Input: offset => line
238 => aaa bbb aaa
445 => bbb aaa bbb
Output: term, filename => filename, 1, [offset + offset_in_line]
aaa, file1 => file1, 1, [238]
bbb, file1 => file1, 1, [242]
aaa, file1 => file1, 1, [246]
bbb, file2 => file2, 1, [445]
aaa, file2 => file2, 1, [449]
bbb, file2 => file2, 1, [453]
Combine all record with the same term and filename. In this step, the term_frequency is summerized and offsets is merged into a list.
Input: term, filename => [(filename, 1, [offset + offset_in_line]), ...]
aaa, file1 => [ file1, 1, [238],
file1, 1, [246] ]
aaa, file2 => [ file2, 1, [449] ]
bbb, file1 => [ file1, 1, [242] ]
bbb, file2 => [ file2, 1, [445],
file2, 1, [453] ]
Output: term, filename => filename, term_frequnecy, [offset, ...]
aaa, file1 => file1, 2, [238, 246]
aaa, file2 => file2, 1, [449]
bbb, file1 => file1, 1, [242]
bbb, file2 => file2, 2, [445, 453]
If the number of reducers is more than one, record with the same term might be sent to different reducer. The partitioner makes sure all record with the same term would be sent to the same reducer.
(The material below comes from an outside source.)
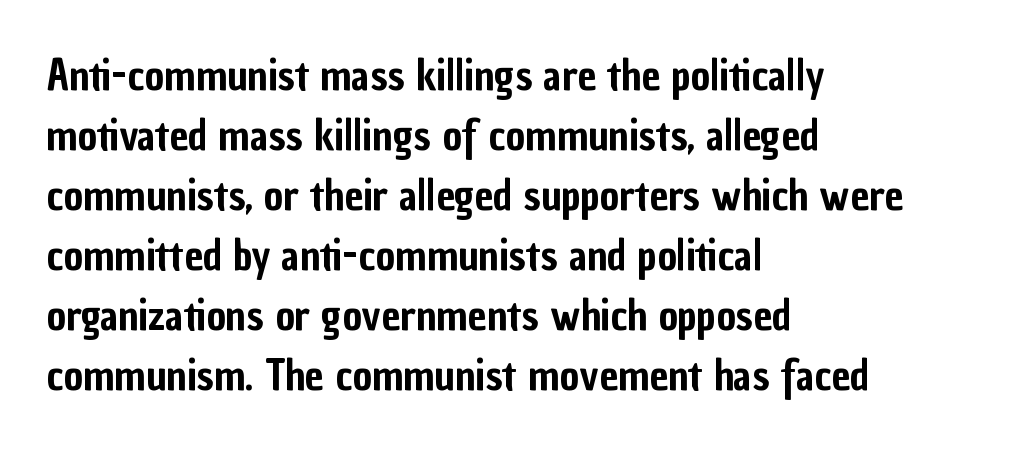
This sample has the flowing, uneven cadence of proportional lettering. A normal amount of white space separates one row of letters from the next. Serif or sans? Sans — the stroke terminals are bare. The letters sit at their default tracking, neither squeezed nor spread. Honestly, there is no underline to notice here at all.

Input: term, filename => filename, term_frequnecy, [offset, ...]
aaa, file1 => file1, 2, [238, 246]
aaa, file2 => file2, 1, [449]
bbb, file1 => file1, 1, [242]
bbb, file2 => file2, 2, [445, 453]
Output:
hashCode(aaa)
hashCode(aaa)
hashCode(bbb)
hashCode(bbb)
Because the key is composed of both term and filename, records would be sorted by both term and filename. But in the reducer, records should be grouped by only term for calculating document frequencies. This group comparator ignore filename and compares only terms that makes sure records would be grouped by term only.
Input: (term, filename), (term, filename)
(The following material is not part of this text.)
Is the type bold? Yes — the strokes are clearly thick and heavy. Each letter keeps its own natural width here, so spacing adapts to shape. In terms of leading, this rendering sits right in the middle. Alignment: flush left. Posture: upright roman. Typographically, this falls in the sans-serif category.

(aaa, file1), (aaa, file1)
(aaa, file1), (bbb, file2)
(bbb, file1), (bbb, file2)
...
Output:
"aaa".compareTo("aaa")
"aaa".compareTo("bbb")
"bbb".compareTo("bbb")
...
The reducer merged values into a list and count the number of values.
Input: term, filename => [(filename, term_frequnecy, [offset, ...]), ...]
aaa, file1 => file1, 2, [238, 246]
file2, 1, [449]
bbb, file1 => file1, 1, [242]
file2, 2, [445, 453]
Output: term, document_frequency => [(filename, term_frequnecy, [offset, ...]), ...]
aaa, 2 => [(file1, 2, [238, 246]), (file2, 1, [449])]
bbb, 2 => [(file1, 1, [242]), (file2, 2, [445, 453])]
By default, the output of BuildInvertedIndex
is in SequenceFile
format which can be easily restore to java objects.
Steps in Query
class:
- Reads records directly from HDFS
- Filter records by terms in the given query
- Generate file list of each term and calculate tf-idf score of each file
- Merge file list according to query
- Print the merged file list
1. How many pass do you used to run mapReduce in part1? Is there any other method to do it? What's the advantage and disadvantage?
One pass mapReduce in part1.
Many other ways:
-
Term frequencies can be calculated in the mapper not combiner. Advantage: No combiner. Disadvantage: The mapper needs to keep a big variable for storing the counts and offsets of all kinds of words. Consumes more memory.
-
Term frequencies can be calculated in the reducer. Disadvantage: That needs one more map reduce pass for calculating document frequency.
-
File names can be sorted in the reducer. Advantage: The redundant file name in the key can be removed. Disadvantage: That needs more memory for sorting file names.
My extension is supporting basic Google query syntax. All supported operands is described in the following.
term1 term2
means ANDterm1 OR term2
means OR-term1
means no term1
The query universe -wood book OR sport store
means (universe AND (book OR sport) AND store) WITHOUT wood
.
The most difficult part is to use jparsec library to parse the query and merge the file list of each term by the syntax of query. This is my first java program and the jparsec library is pretty complex.